Ha ha, yes I'm joshing. I'm of Thai descent.


----------



## Leo

Toecutter said:


> Ha ha, yes I'm joshing. I'm of Thai descent.


Cool. My best friend is half Thai. His mom cooks the bomb Thai food. Still can't find Yam Neu that even comes close to hers.

Of course Pad Thai is always a favorite with some Thai Tea to wash that spiciness down.


----------



## Toecutter

Leo said:


> Cool. My best friend is half Thai. His mom cooks the bomb Thai food. Still can't find Yam Neu that even comes close to hers.
> 
> Of course Pad Thai is always a favorite with some Thai Tea to wash that spiciness down.


I know what I'll be having for dinner now, thanks.


----------



## FoShizzle

its funny when they call it asian-fit, cause technically, people from india are considered asian; and i have some indian friends with fairly large noses/bridges haha..


----------



## sook

I'm looking for goggles for my girlfriend who does have a flatter face. From what I've learned, the Dragon Asian Fit goggles only have extra padding around the nose to fill up the gap, but what about Oakleys? With the Oakleys, is it just extra padding or is the frame actually different? She tried on the Dragon Rogue Asian fits and they didn't feel right. I'd have her just go try on a pair of Oakleys, but none of our local shops carry them... damn racists  Can anyone help?


----------



## newbie2009

sook said:


> I'm looking for goggles for my girlfriend who does have a flatter face. From what I've learned, the Dragon Asian Fit goggles only have extra padding around the nose to fill up the gap, but what about Oakleys? With the Oakleys, is it just extra padding or is the frame actually different? She tried on the Dragon Rogue Asian fits and they didn't feel right. I'd have her just go try on a pair of Oakleys, but none of our local shops carry them... damn racists  Can anyone help?


Sorry to tell you bro but Oakley's Asian Fit are the same. They just have more padding around the nose.


----------



## Guest

sook said:


> I'm looking for goggles for my girlfriend who does have a flatter face. From what I've learned, the Dragon Asian Fit goggles only have extra padding around the nose to fill up the gap, but what about Oakleys? With the Oakleys, is it just extra padding or is the frame actually different? She tried on the Dragon Rogue Asian fits and they didn't feel right. I'd have her just go try on a pair of Oakleys, but none of our local shops carry them... damn racists  Can anyone help?


I just ordered a pair of Asian Fit Stockholms for myself. I'll let you know how they work out once they get here(early next week). None of my local stores carry anything in the Asian Fit(not even the Oakley store!) but at least they have a good return policy if they don't work out. 

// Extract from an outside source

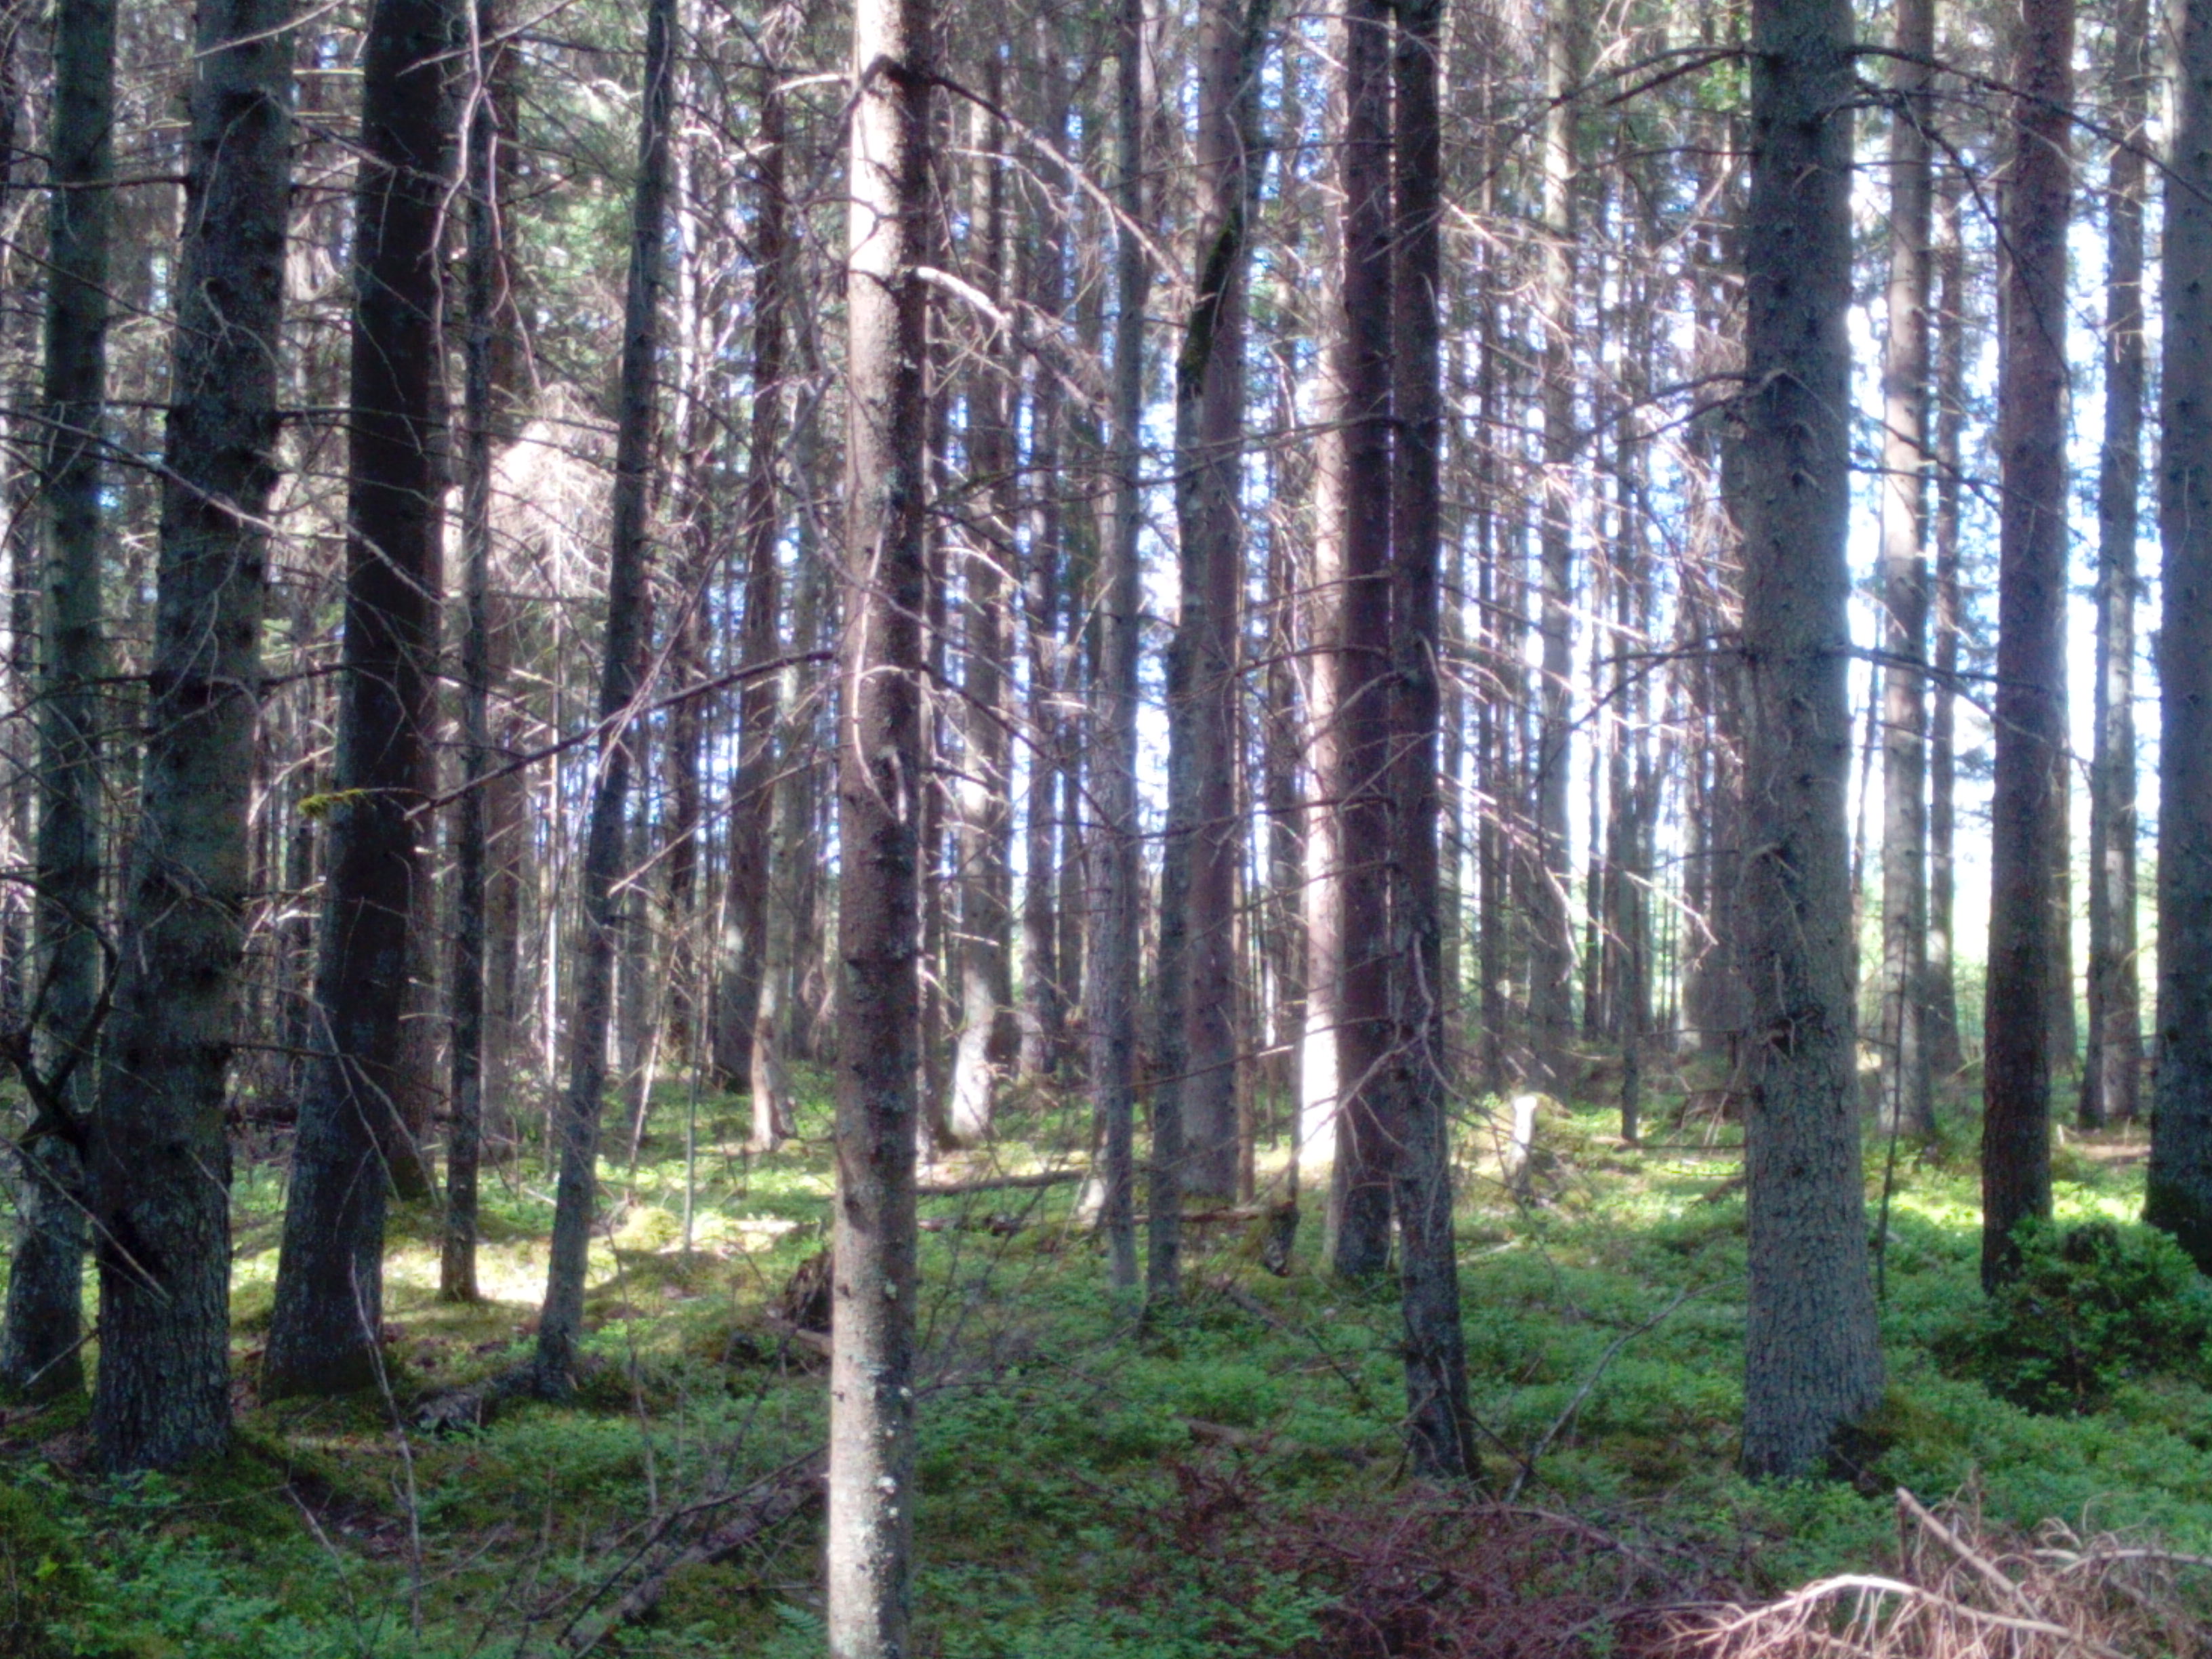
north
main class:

Honestly, Oakley could do what Louis Vuitton does by having a "Western Fit" or "Eastern Fit." Eastern seems less in your face than "Asian" but would clearly still apply to those with a flatter face and a weak nose bridge(like myself).


----------



## yusoweird

Asian fit is the perfect name. I have yet met a person that finds it offensive. It is a *FACT *that majority of the asians have flat face. So it is definitely a good name. If you are asian and don't have a flat face, good for you and you are probably not offended by it anyway. But for those who are asian and have a flat face, it is a PRIVILAGE to have Oakley to acknowledge the problem that asians have with the goggles... I am glad that Oakley have this line!!!

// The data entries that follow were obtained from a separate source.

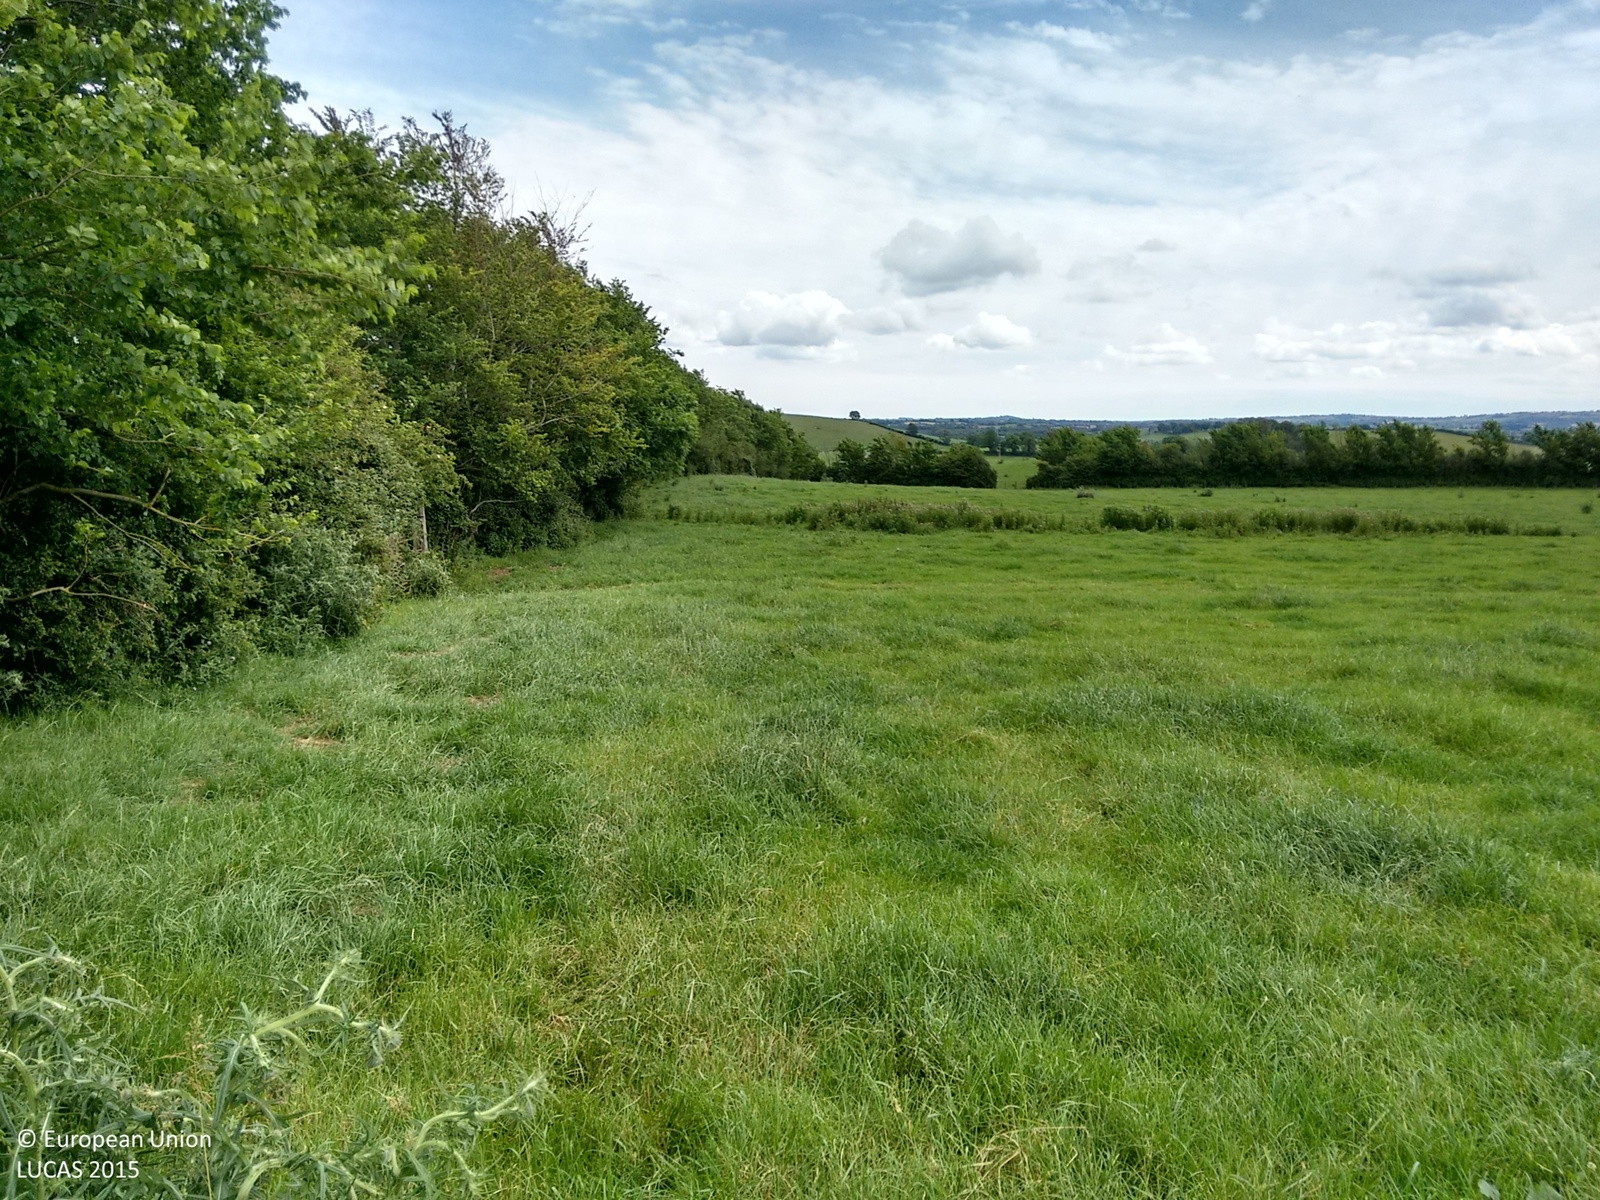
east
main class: Grassland
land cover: Grassland without tree/shrub cover
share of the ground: > 75 %
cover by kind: herbaceous plants 100 %
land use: Agriculture (excluding fallow land and kitchen gardens)
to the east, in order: Grassland without tree/shrub cover; Managed hedges; Fences; Grassland without tree/shrub cover
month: July
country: IE
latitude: 53.8719
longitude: -6.6629

People, stop paying so much attention on how things are named... It is just a name! If you know what it means, then accept it and move on...

Anyways, how does Dragon indicate that those goggles are AF?


----------



## Magnum626

^Thing is I always thought the asian fit was referring to the bridge of the nose. Not necessarily a 'flat face'. My nose bridge is flatter but not my face and my head is round and wide...lol

According to Oakley's site:
*Asian Fit*

Getting the right fit is essential for comfort, protection, and even optical performance. You may have heard industry terms like “European Fit” and “Asian Fit”. If sunglasses tend to sit too low on your face or slide down your nose, touch at your temples or cheeks, or feel narrow at the sides of your head, try our Asian Fit. The tabs below show all the technology we put into making these frames fit with perfection.

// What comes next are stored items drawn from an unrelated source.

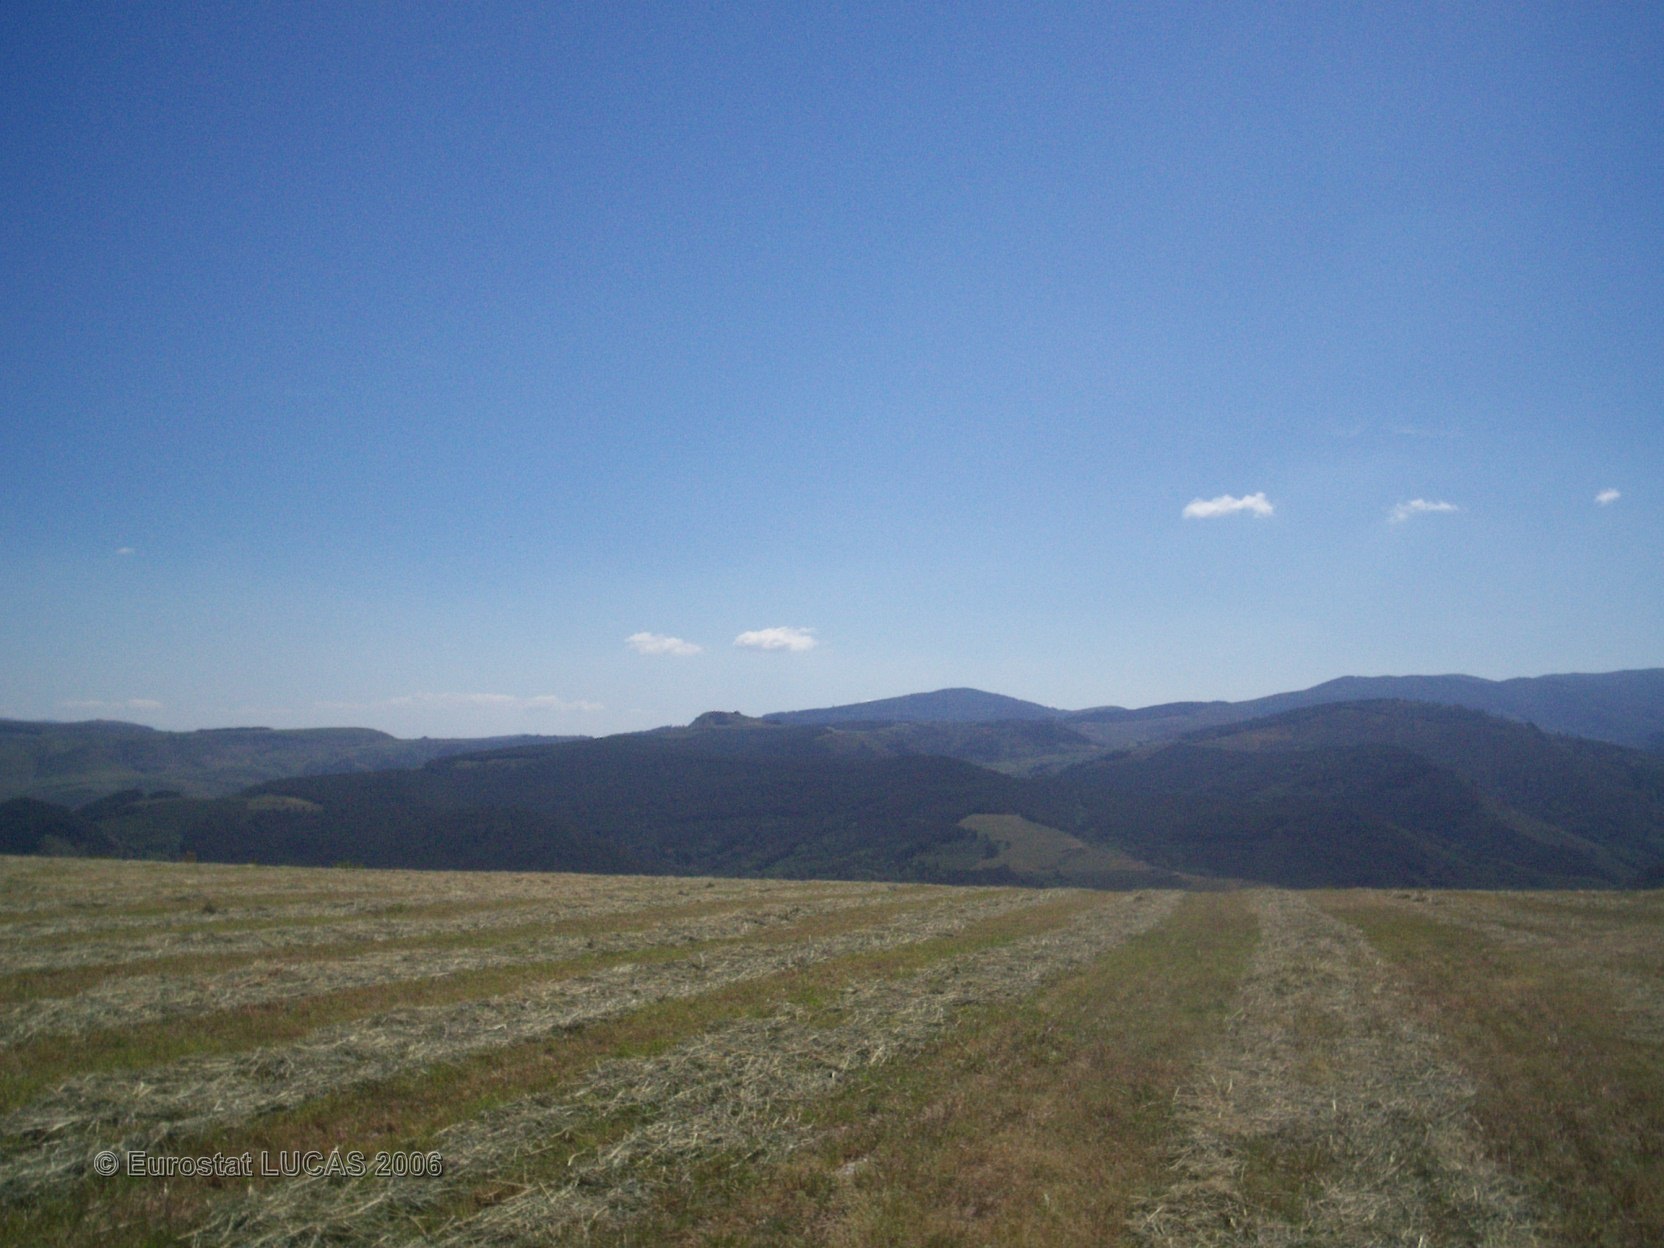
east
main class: Cropland
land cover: Other leguminous and mixtures for fodder
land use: Agriculture (excluding fallow land and kitchen gardens)
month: June
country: FR
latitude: 44.1775
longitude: 3.4145

I wish the goggles were wider though like their glasses for the asian fit.




And there are names which we know the meaning to which isn't so good either. Sometimes things aren't just a name.  I guess it depends how passionate one is with the power of words.


----------



## Toecutter

I wonder if there would be any market for a custom-fit goggle? Considering how important goggles are to having a good day on the mountain, I bet there would be plenty of people who would pay a premium for something that molded to one's facial structure. People pay big money for custom orthotics, boot fitting, etc.


----------



## squishydonut

i'd pay good $$$ for goggles with prescriptions built-in.


----------



## sook

newbie2009 said:


> Sorry to tell you bro but Oakley's Asian Fit are the same. They just have more padding around the nose.


Thats what I was afraid of. Like Florac, none of my local stores carry Oakley asian fits so I'd have to buy online and chance it. Oh well, the search continues. Florac, yeah, post up how you like the stockholms. Since we can't try anything on, any input is better than nothing.


----------



## Toecutter

Florac said:


> Eastern seems *less in your face* than "Asian"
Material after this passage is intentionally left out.